──────── DATA ────────
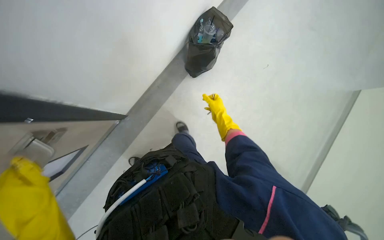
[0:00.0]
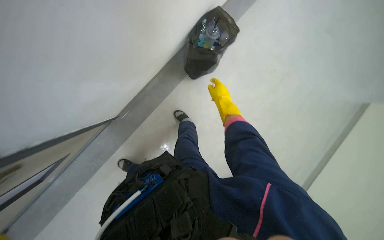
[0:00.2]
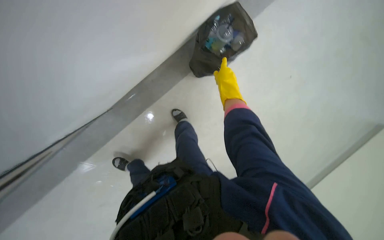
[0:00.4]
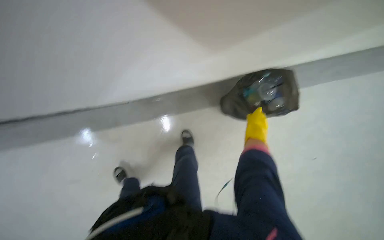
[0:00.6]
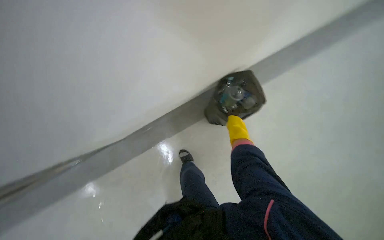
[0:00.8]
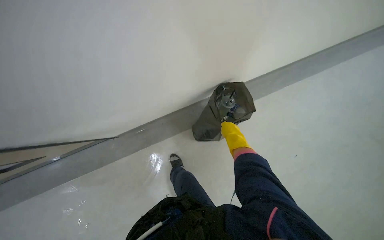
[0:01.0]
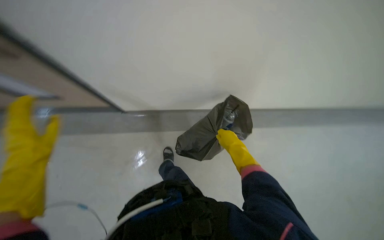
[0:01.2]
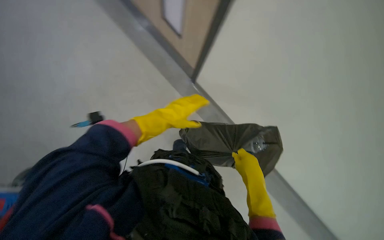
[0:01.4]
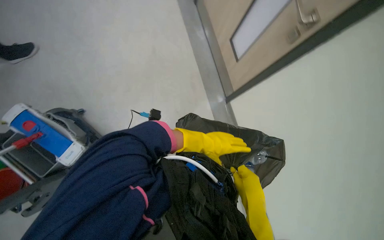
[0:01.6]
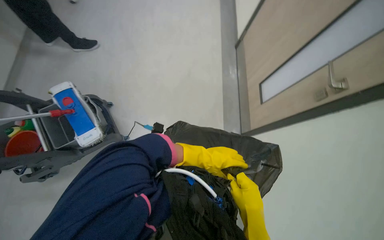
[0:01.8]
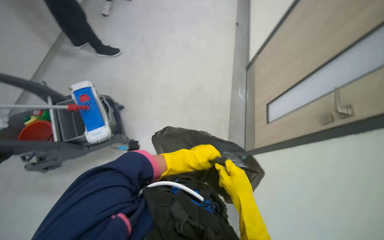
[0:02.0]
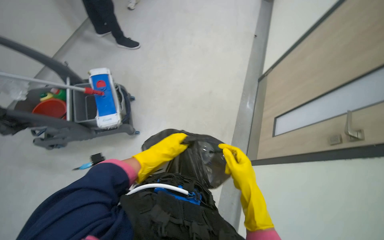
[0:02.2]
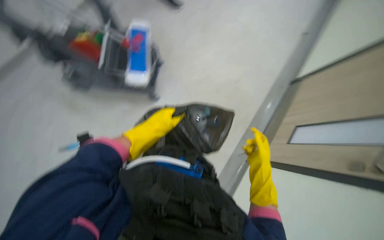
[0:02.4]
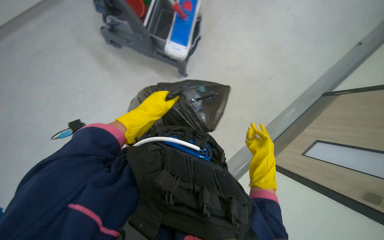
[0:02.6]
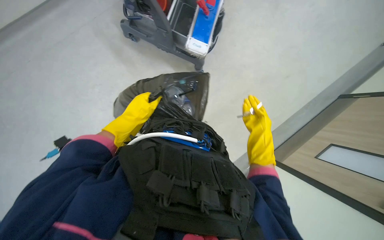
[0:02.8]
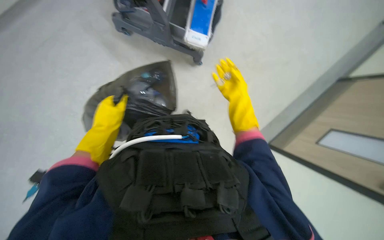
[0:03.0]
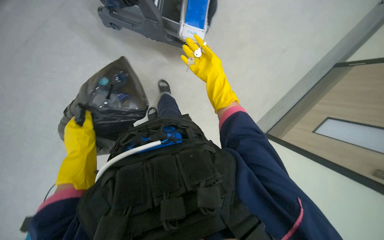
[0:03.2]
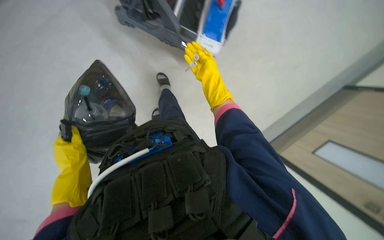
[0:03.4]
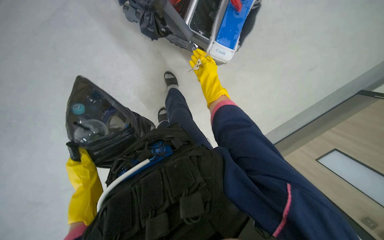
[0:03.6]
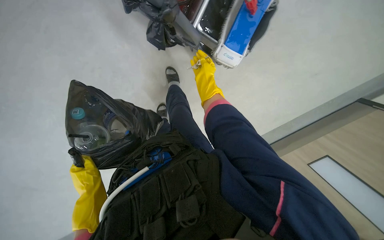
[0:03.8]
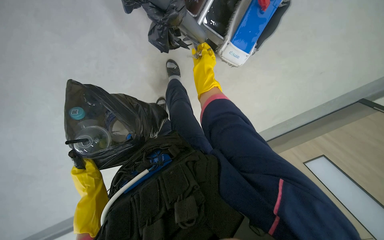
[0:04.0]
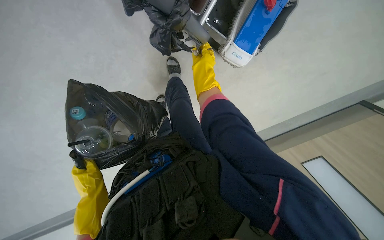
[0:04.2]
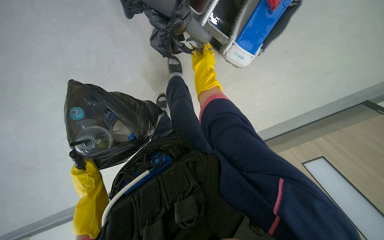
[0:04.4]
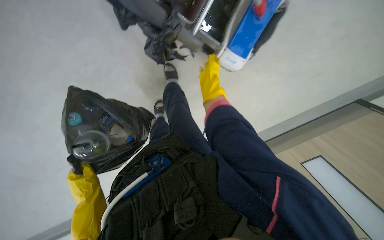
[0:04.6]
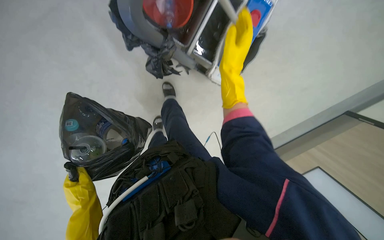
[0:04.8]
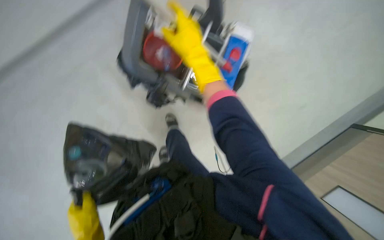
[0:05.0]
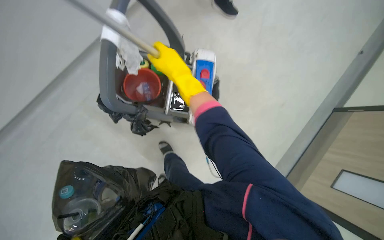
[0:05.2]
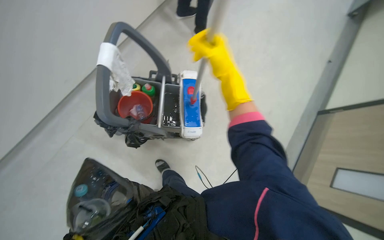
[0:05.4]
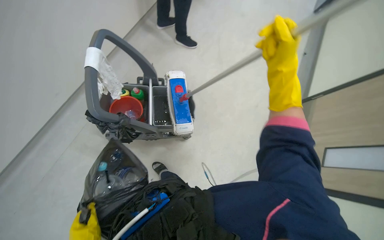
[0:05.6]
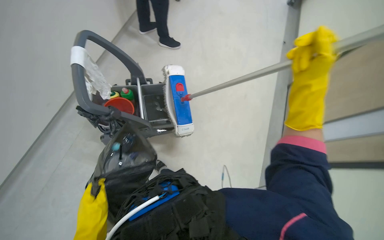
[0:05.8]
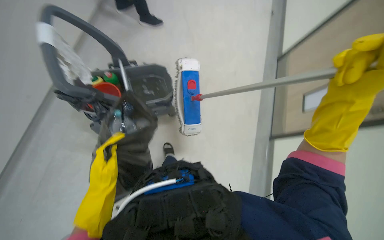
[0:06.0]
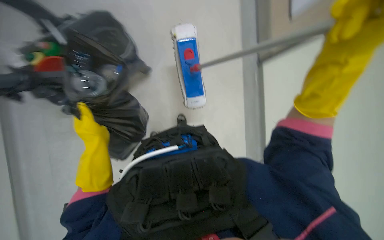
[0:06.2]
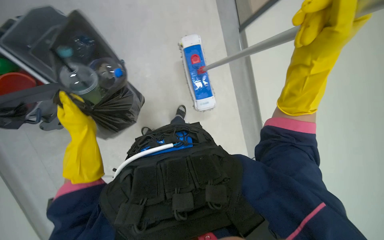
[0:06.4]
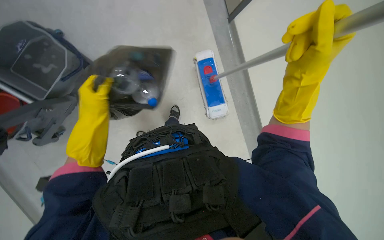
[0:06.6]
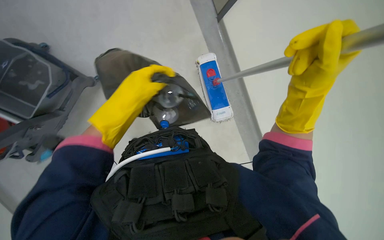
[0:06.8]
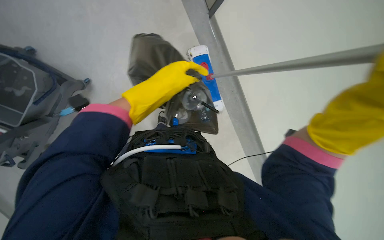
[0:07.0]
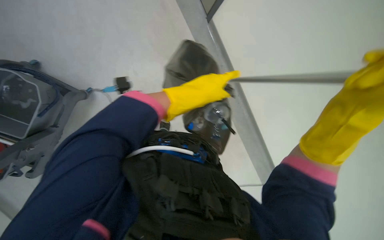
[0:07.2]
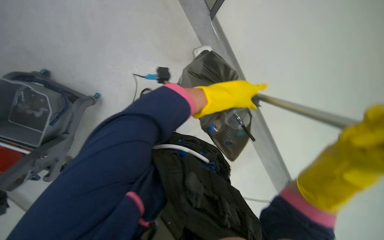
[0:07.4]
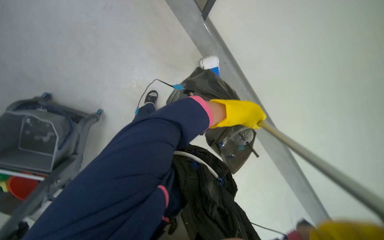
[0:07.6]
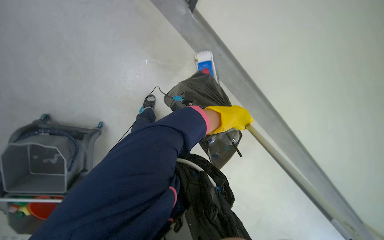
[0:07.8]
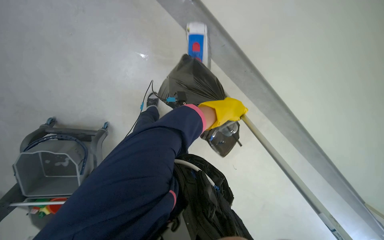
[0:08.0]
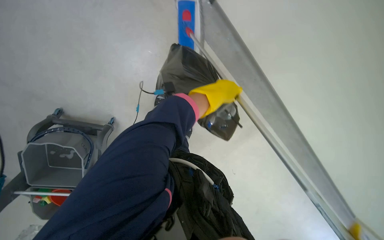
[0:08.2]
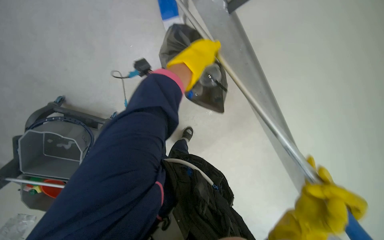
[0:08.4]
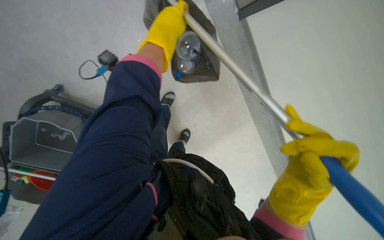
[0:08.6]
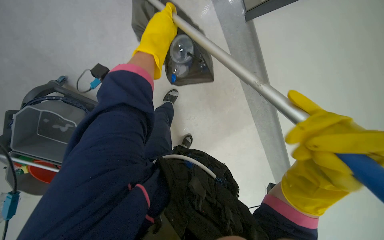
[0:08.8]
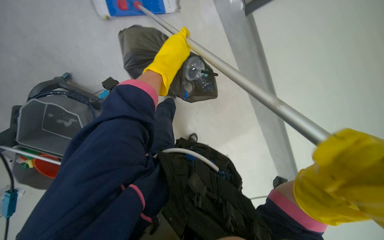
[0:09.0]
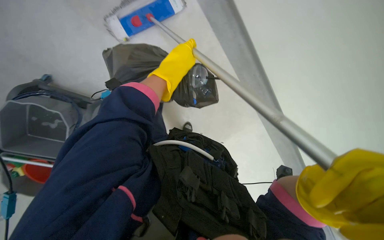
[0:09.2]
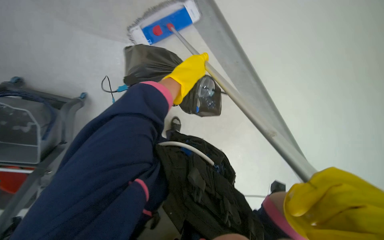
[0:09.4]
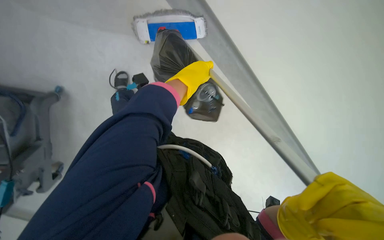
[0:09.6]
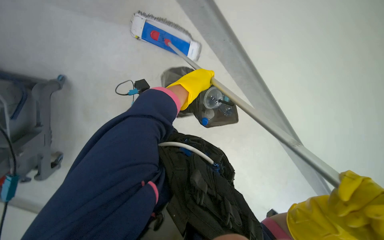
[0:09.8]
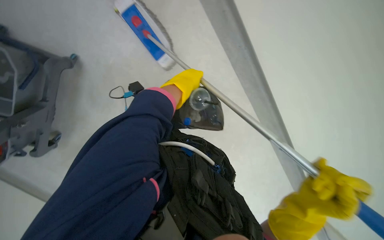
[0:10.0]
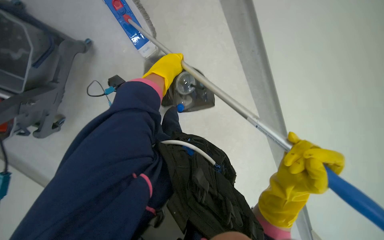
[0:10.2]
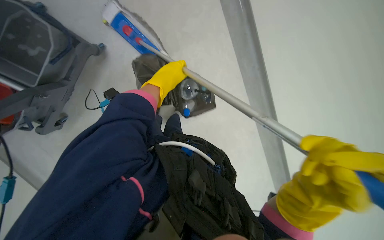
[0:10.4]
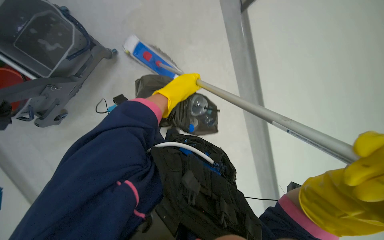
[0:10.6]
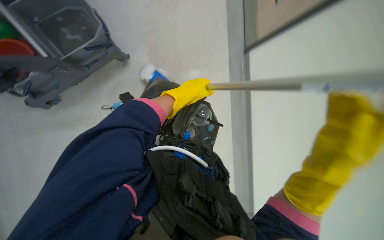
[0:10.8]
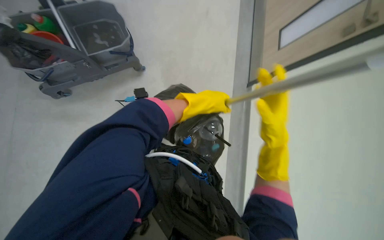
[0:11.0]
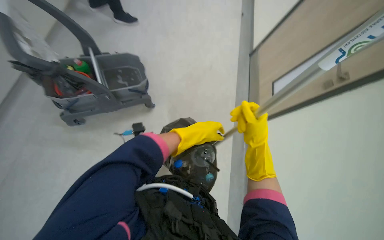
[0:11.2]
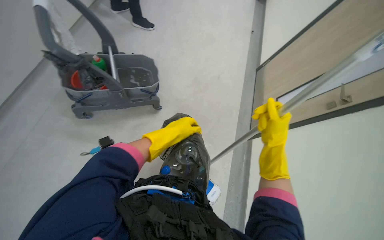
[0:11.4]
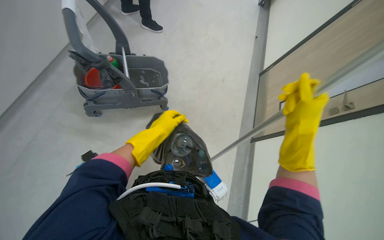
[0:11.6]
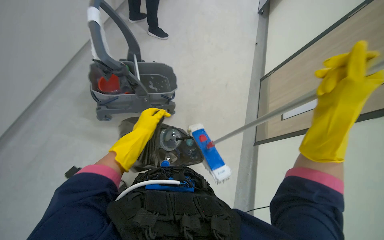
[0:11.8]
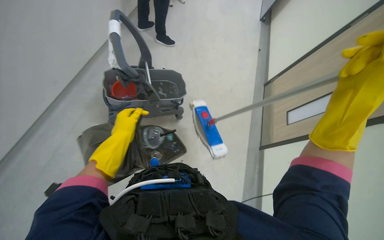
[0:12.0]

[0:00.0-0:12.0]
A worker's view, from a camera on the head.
────────
» DIRECTIONS
Write out each record exactly as shown, but not its pictures.

» SOLUTION FOR THIS PROBLEM
[0:00.0]
[0:00.2]
[0:00.4]
[0:00.6]
[0:00.8]
[0:01.0]
[0:01.2]
[0:01.4]
[0:01.6]
[0:01.8]
[0:02.0]
[0:02.2]
[0:02.4]
[0:02.6]
[0:02.8]
[0:03.0]
[0:03.2]
[0:03.4]
[0:03.6]
[0:03.8]
[0:04.0]
[0:04.2]
[0:04.4]
[0:04.6]
[0:04.8]
[0:05.0]
[0:05.2]
[0:05.4]
[0:05.6]
[0:05.8]
[0:06.0]
[0:06.2]
[0:06.4]
[0:06.6]
[0:06.8]
[0:07.0]
[0:07.2]
[0:07.4]
[0:07.6]
[0:07.8]
[0:08.0]
[0:08.2]
[0:08.4]
[0:08.6]
[0:08.8]
[0:09.0]
[0:09.2]
[0:09.4]
[0:09.6]
[0:09.8]
[0:10.0]
[0:10.2]
[0:10.4]
[0:10.6]
[0:10.8]
[0:11.0]
[0:11.2]
[0:11.4]
[0:11.6]
[0:11.8]
[0:12.0]

[0:00.0-0:12.0]
A worker's view, from a camera on the head.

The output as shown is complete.